The “comply or explain” principle has been adopted by many countries and the flexibility it offers has been welcomed. The idea behind this principle is to avoid imposing rigid rules which exceed the law’s requirements and which may not take account of the company’s specific circumstances such as the size and nature of its business, its shareholders structure, activities, or its exposure to risks and management structure. This approach recognizes that it is not desirable, considering the great diversity of companies, to impose formal and identical rules of organization and operation for all companies.

The Code states many principles of essence and are forming the existing pillars of good governance. Each of the principles include certain directives and all companies should follow them.

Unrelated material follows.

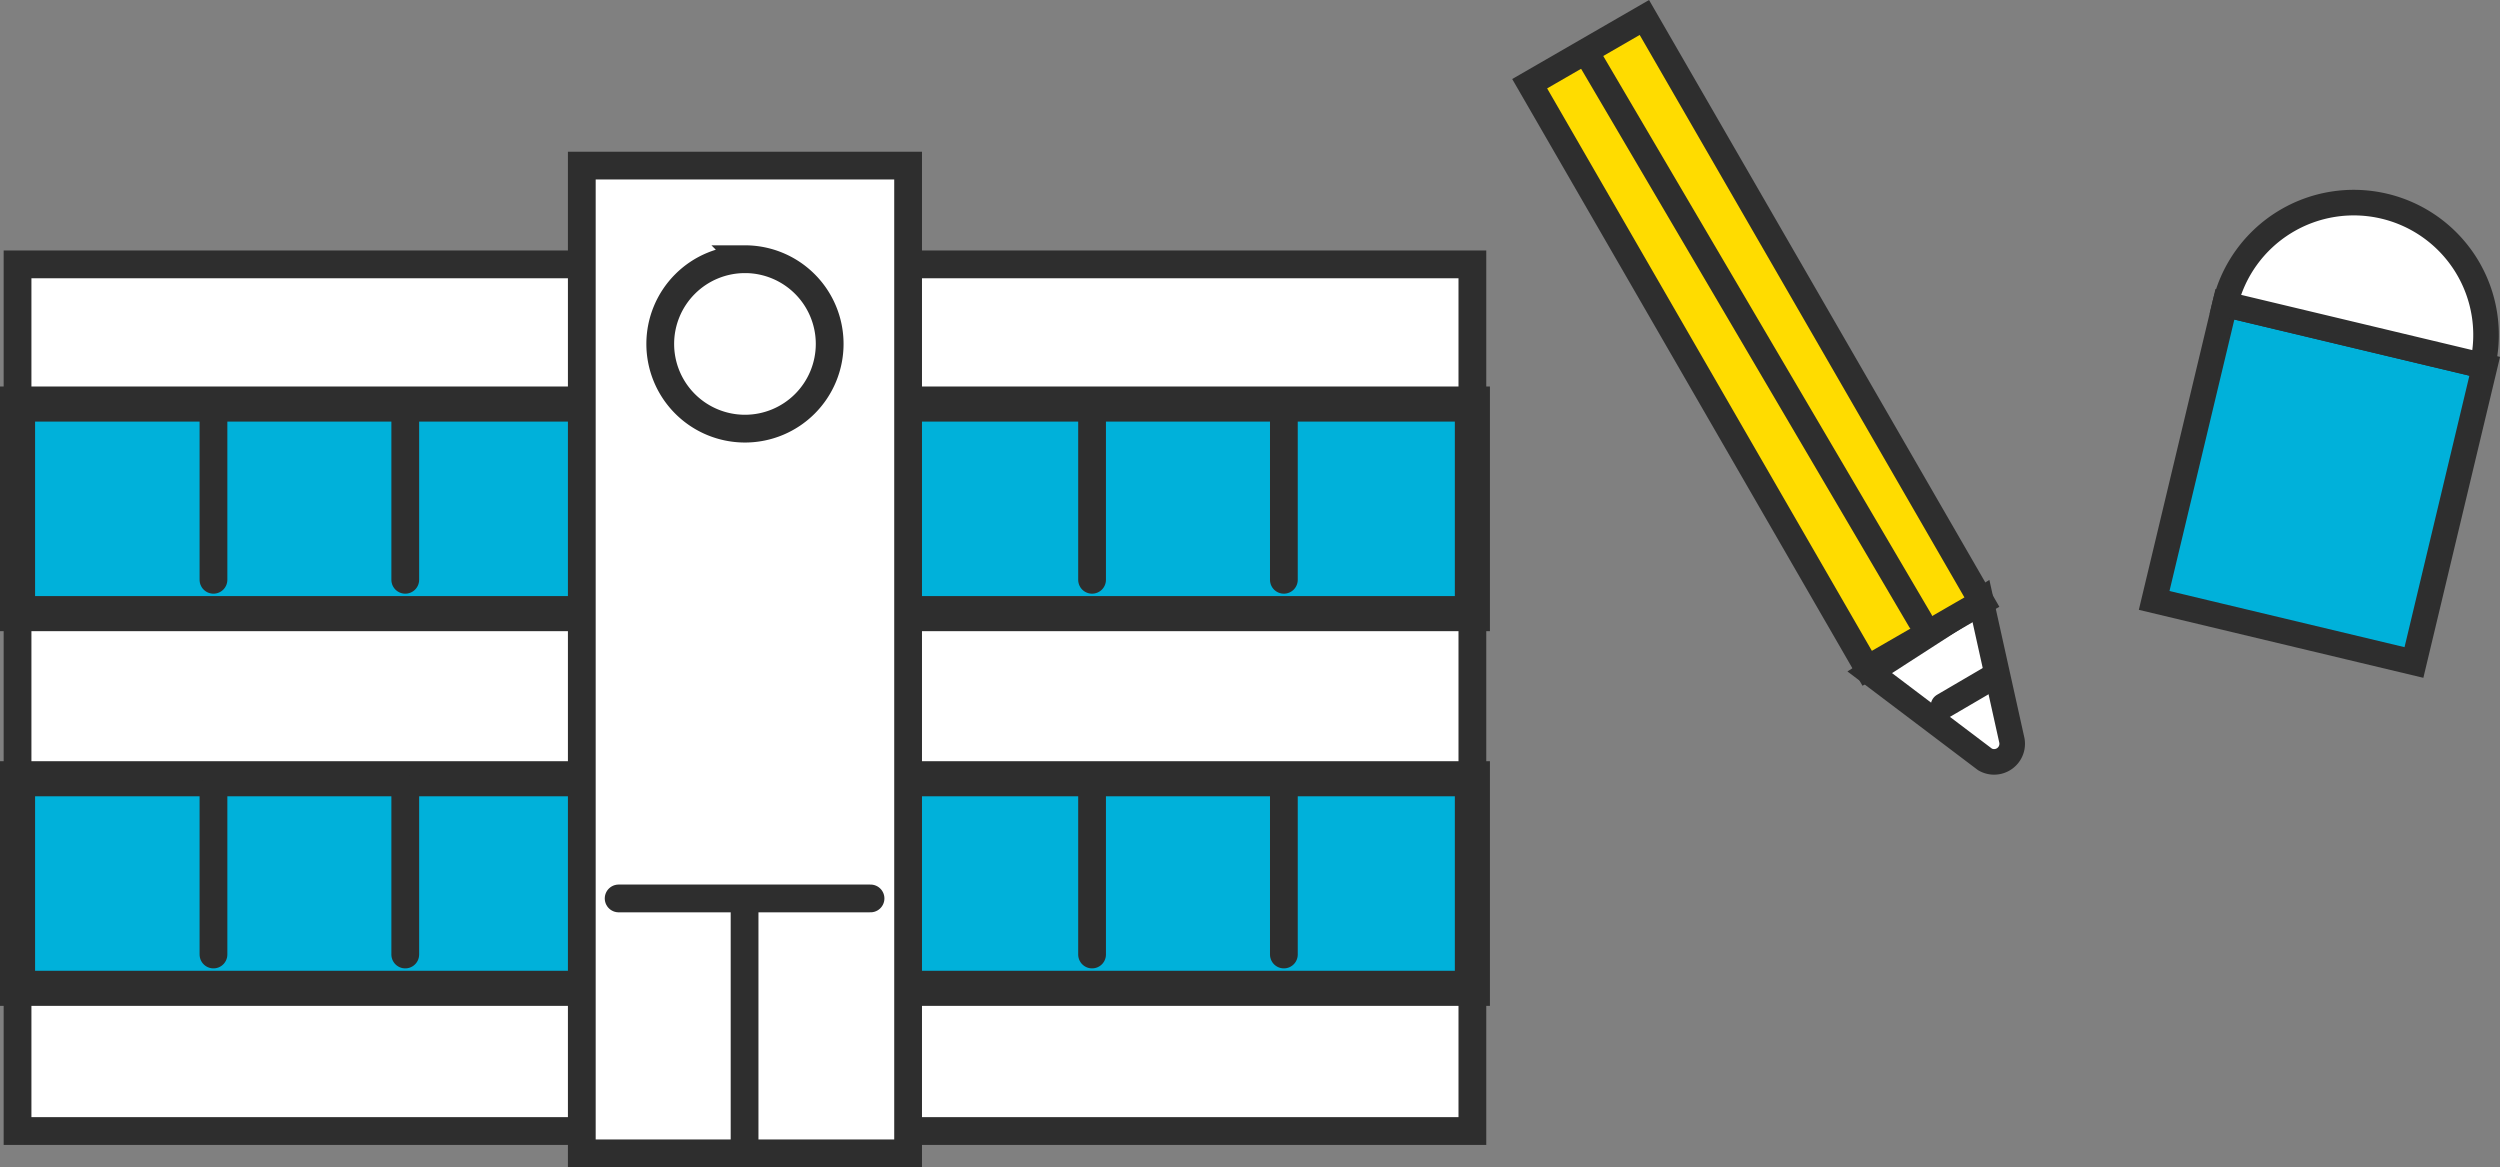 <svg xmlns="http://www.w3.org/2000/svg" viewBox="0 0 142.514 66.538"><rect x="0" y="0" width="142.514" height="66.538" fill="#808080" stroke="none"/><defs><style>.cls-1,.cls-5{fill:#fff}.cls-1,.cls-2,.cls-3,.cls-5,.cls-6{stroke:#2e2e2e;stroke-miterlimit:10}.cls-1,.cls-3,.cls-5,.cls-6{stroke-linecap:round}.cls-1,.cls-3{stroke-width:1.583px}.cls-2{fill:#00b1da;stroke-width:2px}.cls-3,.cls-6{fill:none}.cls-5,.cls-6{stroke-width:1.458px}</style></defs><g id="レイヤー_2" data-name="レイヤー 2"><g id="レイヤー_4" data-name="レイヤー 4"><path class="cls-1" d="M1 15.07h82.934v49.405H1z"/><path class="cls-2" d="M1 23.033h82.934V34.98H1z"/><path class="cls-3" d="M12.169 33.052v-9.445m10.933 9.445v-9.445m39.152 9.445v-9.445m10.934 9.445v-9.445"/><path class="cls-2" d="M1 44.393h82.934V56.34H1z"/><path class="cls-3" d="M12.169 54.412v-9.445m10.933 9.445v-9.445m39.152 9.445v-9.445m10.934 9.445v-9.445"/><path class="cls-1" d="M33.166 9.44h18.601v56.307H33.166z"/><path d="M42.467 14.777a4.829 4.829 0 1 0 4.829 4.828 4.829 4.829 0 0 0-4.83-4.829Z" style="fill:none;stroke-width:1.583px;stroke:#2e2e2e;stroke-miterlimit:10"/><path class="cls-3" d="M42.445 65.383V51.942m-7.179-.726h14.359"/><path class="cls-5" d="m112.92 34.236-6.334 4.088 6.574 4.97a1.032 1.032 0 0 0 1.53-1.079Z"/><path class="cls-6" d="m110.79 40.236 2.821-1.651"/><path transform="rotate(-76.563 132.22 27.553)" style="stroke-width:1.45px;fill:#00b1da;stroke-linecap:round;stroke:#2e2e2e;stroke-miterlimit:10" d="M123.539 19.941h17.36v15.226h-17.36z"/><path class="cls-5" d="M135.93 11.757a7.542 7.542 0 0 0-9.088 5.583l14.67 3.505a7.542 7.542 0 0 0-5.582-9.088Z"/><path transform="rotate(-30 100.09 19.546)" style="fill:#ffdc00;stroke-width:1.458px;stroke-linecap:round;stroke:#2e2e2e;stroke-miterlimit:10" d="M96.314.306h7.55v38.481h-7.55z"/><path class="cls-6" d="m90.713 3.472 18.753 31.905"/></g></g></svg>

There is no exception for non-compliance and explanation with regard to the principles and related directives. All companies are expected to apply and “comply” the recommendations stated in the Code, or “explain” why they do not comply, taking into account their specific situation according to the merits of each case.

Based on this, the Code is looking to a combined monitoring system relying on the Board of Directors, the shareholders and official bodies including Ministries, Central Banks, Stock Exchanges, Courts and many professional firms as auditors, lawyers and investment advisors… Ministry of Commerce is, normally, the government body vested with the required authority to administer The Company Law and the Code. The Ministry will actively exercise its monitoring and penalty powers under The Company Law, however, this power will be exercised closely with all other competent government authorities enumerated above.

Needless to say, the joint work of all competent official authorities is crucial to maintain proper framework for corporate governance in the country… Each company, shall endeavor to take the lead in this important corporate race.